Final budget outcome for 2015-16 shows $340m improvement in bottom line

Scott Morrison
Tax receipt write-downs add further weight to the fact decreases in revenue have contributed to budget deficits, which Scott Morrison (pictured) has grudgingly accepted constitutes an ‘earnings problem’ Photograph: Mick Tsikas/AAP

Last year’s budget deficit has improved by $340m, helped largely by a $1.3bn delay in major government partnerships that could push spending into the next budget cycle.

The 2015-16 final budget outcome, released on Friday, showed a $39.6bn underlying cash deficit, or 2.4% of gross domestic product.

Net government debt has risen to $296.4bn, or 18% of GDP, an increase of $10.7bn compared with the estimate in the 2016-17 budget.

The $340m improvement in the bottom line was caused by government spending being $1.6bn lower than expected, however revenue was also down $1.1bn on what was expected in the 2016-17 budget.

Lower revenue was due to tax receipts falling $2.5bn, including company tax receipts down $1.8bn, income tax down $1.3bn and GST down $350m. Non-tax receipts increased by $1.4bn due to larger than expected recoveries from states and territories in relation to aged-care programs.

The tax receipt write-downs add further weight to the fact decreases in revenue have contributed to budget deficits, which the treasurer, Scott Morrison, has grudgingly accepted constitutes an “earnings problem”.

The future fund earned $190m more than was expected at the 2016-17 budget.

Of the $1.6bn decrease in spending, $1.3bn was “due to delays in the achievement of project milestones under a range of national partnership agreements, including the asset recycling initiative”.

Those delays could push spending into the 2016-17 financial year, putting pressure on this year’s budget.

On Friday the finance minister, Mathias Cormann, said the outcome showed “the government is continuing to repair the budget by lowering the spending growth trajectory of the previous Labor government”.

Morrison defended his decision to only give Victoria $877m in federal funds from the asset recycling scheme rather than the $1.45bn the state government expected.

In 2015-16, real GDP rose 2.9%, up from the 2.5% forecast in the 2016-17 budget.

“The stronger growth was the result of larger than expected contributions from net exports, public final demand and dwelling investment,” the final budget outcome paper said.

“These factors, together with steady growth in household consumption, more than offset the impact on the economy of declining mining investment.”

In fiscal balance terms, the 2015-16 final budget outcome improved by $2.0bn compared with the fiscal balance deficit estimated at the time of the 2016-17 budget.

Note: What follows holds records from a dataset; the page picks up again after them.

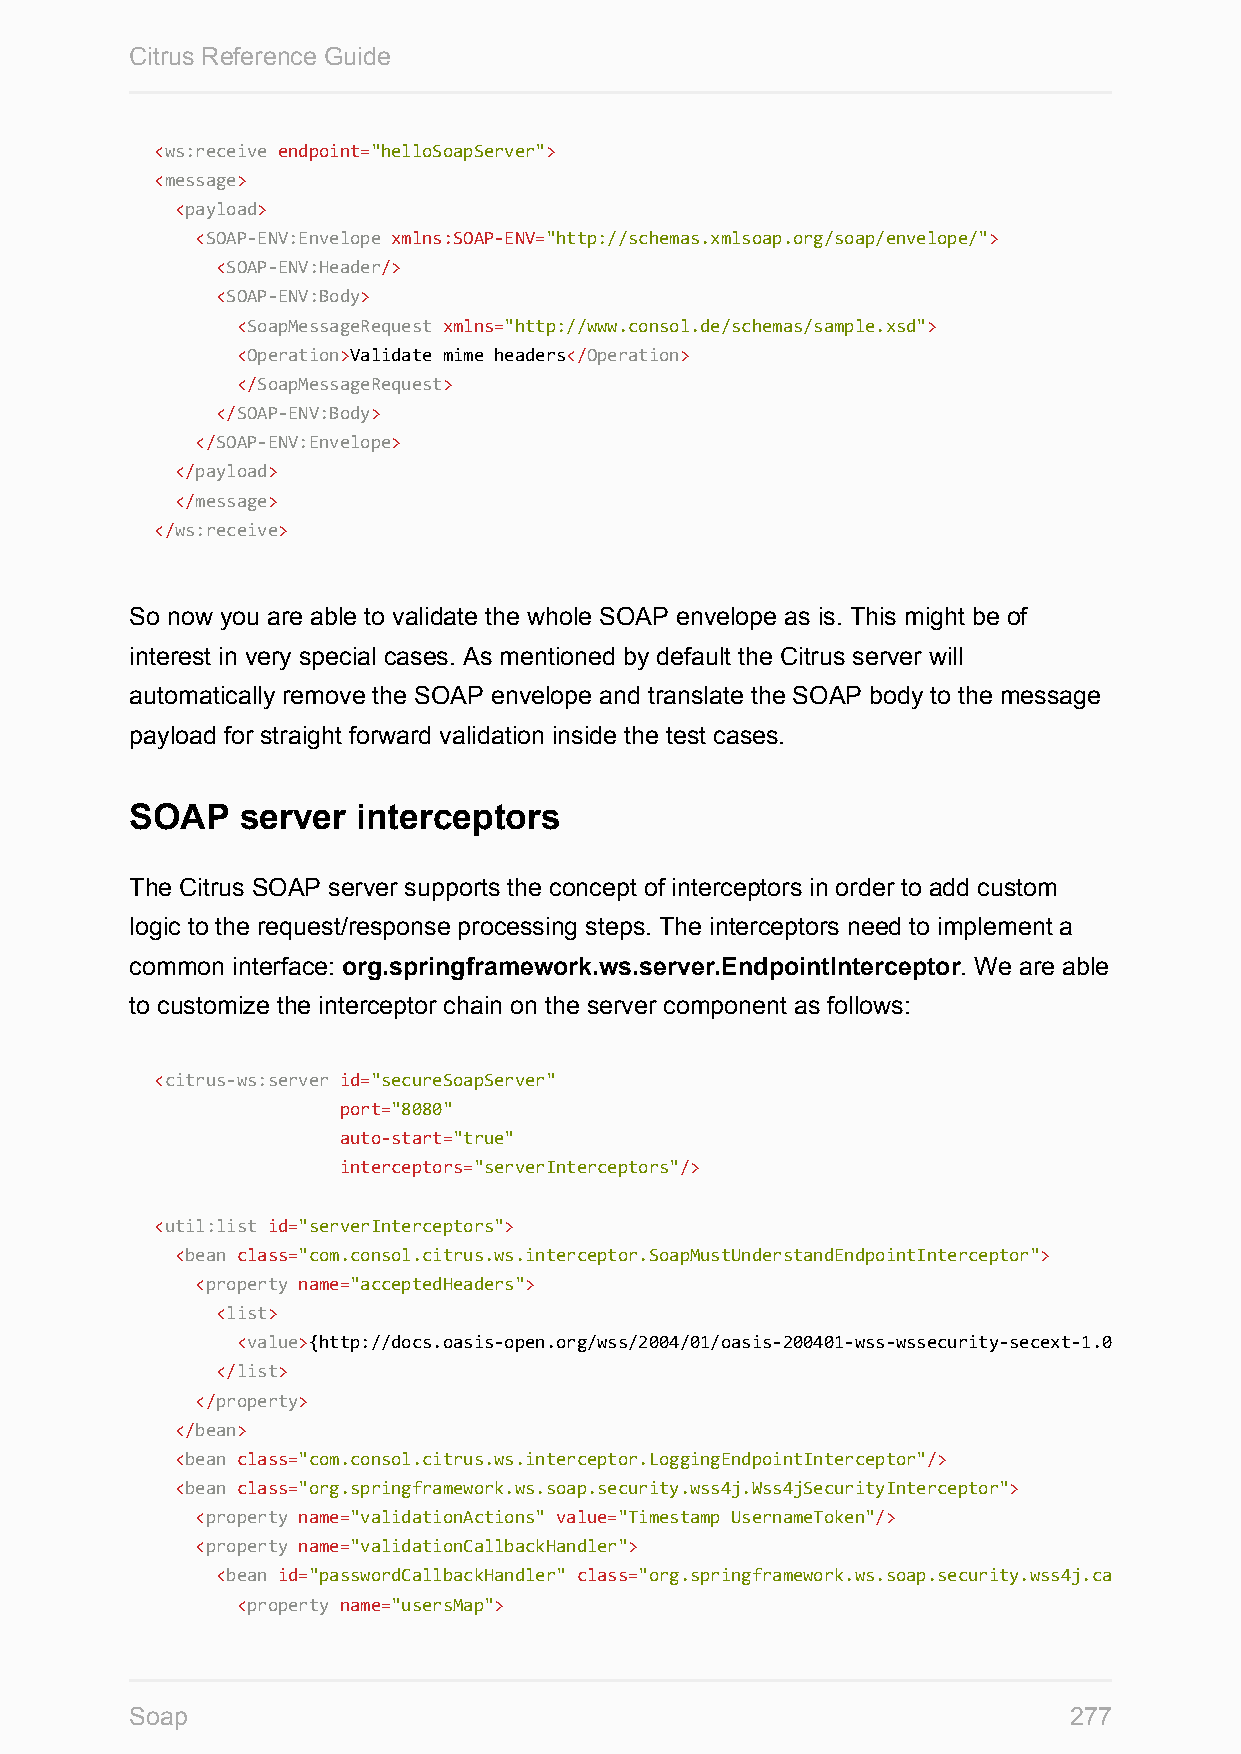
Citrus Reference Guide
 <ws:receive endpoint="helloSoapServer">
 <message>
 <payload>
 <SOAP-ENV:Envelope xmlns:SOAP-ENV="http://schemas.xmlsoap.org/soap/envelope/">
 <SOAP-ENV:Header/>
 <SOAP-ENV:Body>
 <SoapMessageRequest xmlns="http://www.consol.de/schemas/sample.xsd">
 <Operation>Validate mime headers</Operation>
 </SoapMessageRequest>
 </SOAP-ENV:Body>
 </SOAP-ENV:Envelope>
 </payload>
 </message>
 </ws:receive>
 So now you are able to validate the whole SOAP envelope as is. This might be of
 interest in very special cases. As mentioned by default the Citrus server will
 automatically remove the SOAP envelope and translate the SOAP body to the message
 payload for straight forward validation inside the test cases.
 SOAP   server  interceptors
 The Citrus SOAP server supports the concept of interceptors in order to add custom
 logic to the request/response processing steps. The interceptors need to implement a
 common interface: org.springframework.ws.server.EndpointInterceptor. We are able
 to customize the interceptor chain on the server component as follows:
 <citrus-ws:server id="secureSoapServer"
 port="8080"
 auto-start="true"
 interceptors="serverInterceptors"/>
 <util:list id="serverInterceptors">
 <bean class="com.consol.citrus.ws.interceptor.SoapMustUnderstandEndpointInterceptor">
 <property name="acceptedHeaders">
 <list>
 <value>{http://docs.oasis-open.org/wss/2004/01/oasis-200401-wss-wssecurity-secext-1.0.xsd}Security
 </list>
 </property>
 </bean>
 <bean class="com.consol.citrus.ws.interceptor.LoggingEndpointInterceptor"/>
 <bean class="org.springframework.ws.soap.security.wss4j.Wss4jSecurityInterceptor">
 <property name="validationActions" value="Timestamp UsernameToken"/>
 <property name="validationCallbackHandler">
 <bean id="passwordCallbackHandler" class="org.springframework.ws.soap.security.wss4j.callback.SimplePasswordValidationCallbackHandler"
 <property name="usersMap">
 Soap                                                          277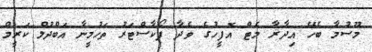
މޫސުމާ ބެހޭ އިދާރާ މެޓް އޮފީހުގެ ވެދާ ފޯކާސްޓަރު ތަހުމީނާ އަބްދުލް ކަރީމް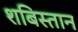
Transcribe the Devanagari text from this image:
शबिस्तान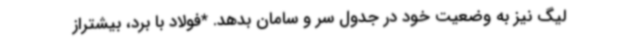
لیگ نیز به وضعیت خود در جدول سر و سامان بدهد. *فولاد با برد، بیشتراز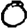
Digit: 0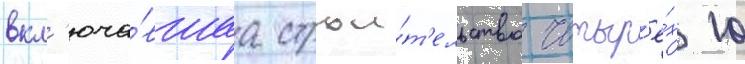
вкл'юча́вшаа строи́т'ельство четыр'ё́х 10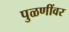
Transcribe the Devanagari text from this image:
पुळणींवर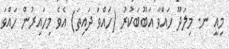
މިއީ ނ. މިލަދޫ ހައްވާ އަބޫބަކުރު (ހައްވަ ދައިތަ) އެވެ މިހައިރުން ހައްވަ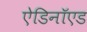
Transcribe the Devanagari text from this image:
ऐडिनॉएड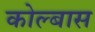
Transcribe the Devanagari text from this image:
कोल्बास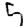
Digit: 5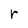
Character: r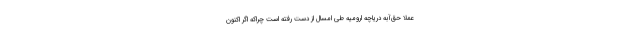
عملا حق‌آبه دریاچه ارومیه طی امسال از دست رفته است چراکه اگر اکنون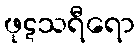
ဖုဋသရီရော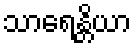
သာရေန္တိယာ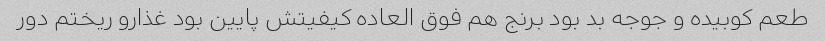
طعم کوبیده و جوجه بد بود برنج هم فوق العاده کیفیتش پایین بود غذارو ریختم دور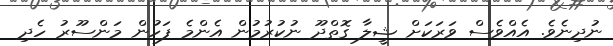
ނުދިނެވެ. އެއްވެސް ވަރަކަށް ޝީލާ ގޮތްދޫ ނުކުރުމުން އެންމެ ފަހުން މަންސޫރު ހެދި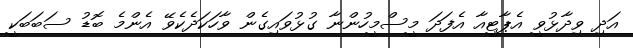
އަދި ވިދާޅުވީ އެޕާޓީއާ އެފަދަ މީސްމީހުންނާ ގުޅުވައިގެން ވާހަކަދެކެވޭ އެންމެ ބޮޑު ސަބަބަކީ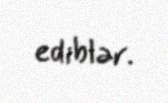
ediblər.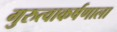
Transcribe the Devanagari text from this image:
गुरुत्वाकर्षणाला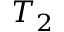
T _ { 2 }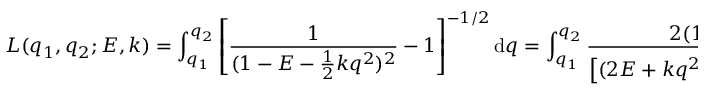
L ( q _ { 1 } , q _ { 2 } ; E , k ) = \int _ { q _ { 1 } } ^ { q _ { 2 } } \left[ \frac { 1 } { ( 1 - E - \frac { 1 } { 2 } k q ^ { 2 } ) ^ { 2 } } - 1 \right] ^ { - 1 / 2 } \mathrm { d } q = \int _ { q _ { 1 } } ^ { q _ { 2 } } \frac { 2 ( 1 - E ) - k q ^ { 2 } } { \left[ ( 2 E + k q ^ { 2 } ) ( 4 - 2 E - k q ^ { 2 } ) \right] ^ { 1 / 2 } } \mathrm { d } q .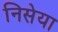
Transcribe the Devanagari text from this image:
निसेया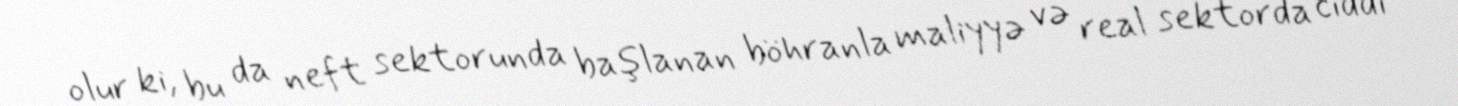
olur ki, bu da neft sektorunda başlanan böhranla maliyyə və real sektorda ciddi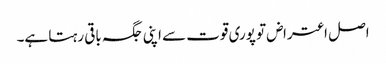
اصل اعتراض تو پوری قوت سے اپنی جگہ باقی رہتا ہے۔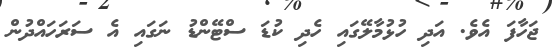
ޖަހާފަ އެވެ. އަދި ހުޅުމާލޭގައި ހެދި ކުޑަ ސްޓޭންޑު ނަގައި އެެ ސަރަހައްދުން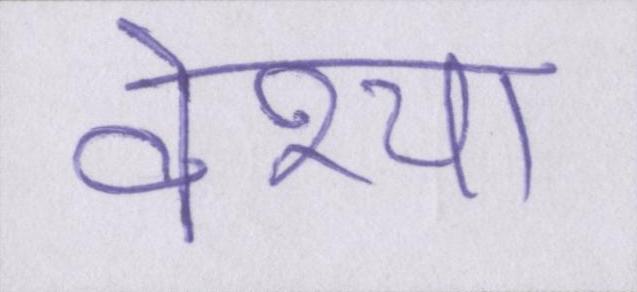
वेश्या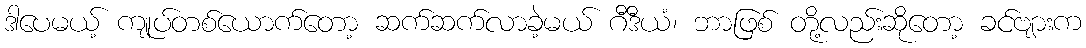
ဒါပေမယ့် ကျုပ်တစ်ယောက်တော့ ဆက်ဆက်လာခဲ့မယ် ဂီဒီယံ၊ ဘာဖြစ် တို့လည်းဆိုတော့ ခင်ဗျားက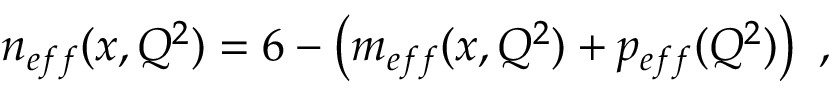
n _ { e f f } ( x , Q ^ { 2 } ) = 6 - \left( m _ { e f f } ( x , Q ^ { 2 } ) + p _ { e f f } ( Q ^ { 2 } ) \right) \ ,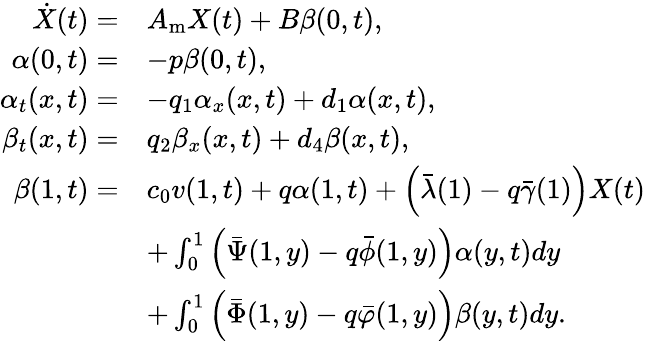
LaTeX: \begin{array}{rl}{\dot{X}(t)=}&{A_{\mathrm{m}}X(t)+{B}\beta(0,t),}\\ {\alpha(0,t)=}&{-p\beta(0,t),}\\ {{\alpha_{t}}(x,t)=}&{-{q_{1}}{\alpha_{x}}(x,t)+{d_{1}}\alpha(x,t),}\\ {{\beta_{t}}(x,t)=}&{{q_{2}}{\beta_{x}}(x,t)+{d_{4}}\beta(x,t),}\\ {\beta(1,t)=}&{c_{0}v(1,t)+q\alpha(1,t)+\left(\bar{\lambda}(1)-q\bar{\gamma}(1)\right){X}(t)}\\ &{+\int_{0}^{1}\left({\bar{\Psi}}(1,y)-q{\bar{\phi}}(1,y)\right)\alpha(y,t)dy}\\ &{+\int_{0}^{1}\left({\bar{\Phi}}(1,y)-q{\bar{\varphi}}(1,y)\right)\beta(y,t)dy.}\end{array}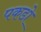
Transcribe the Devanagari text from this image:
पकडो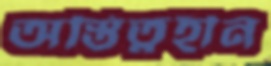
অস্তিত্বহীন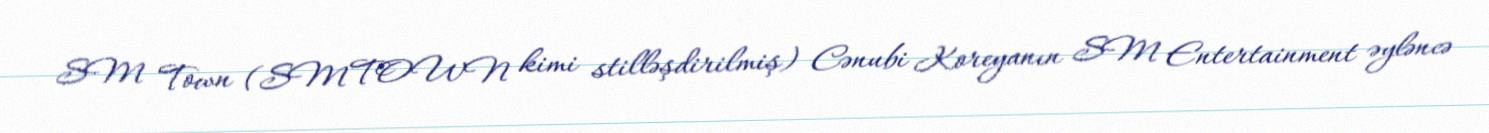
SM Town (SMTOWN kimi stilləşdirilmiş) Cənubi Koreyanın SM Entertainment əyləncə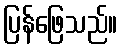
ပြန်ဖြေသည်။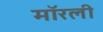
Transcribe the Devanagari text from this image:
मॉरली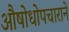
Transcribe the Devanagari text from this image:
औषोधोपचाराने

That was due to $1.3bn lower revenue, $2.8bn lower expenses and $526m lower net capital investment.

Before the 2015-16 budget the then Abbott government had promised to increase investment to help reach a global growth target of 2%.

The final budget paper attributed that difference to lower interest rates increasing the market value of government securities.

In a speech to the Lowy Institute on Friday, Morrison said that government debt was growing at the rate of $1.4bn a week.

He criticised Labor for proposing to increase the deficit by $16.5bn.

“Just raise taxes or borrow more, what could possibly go wrong?,” he said.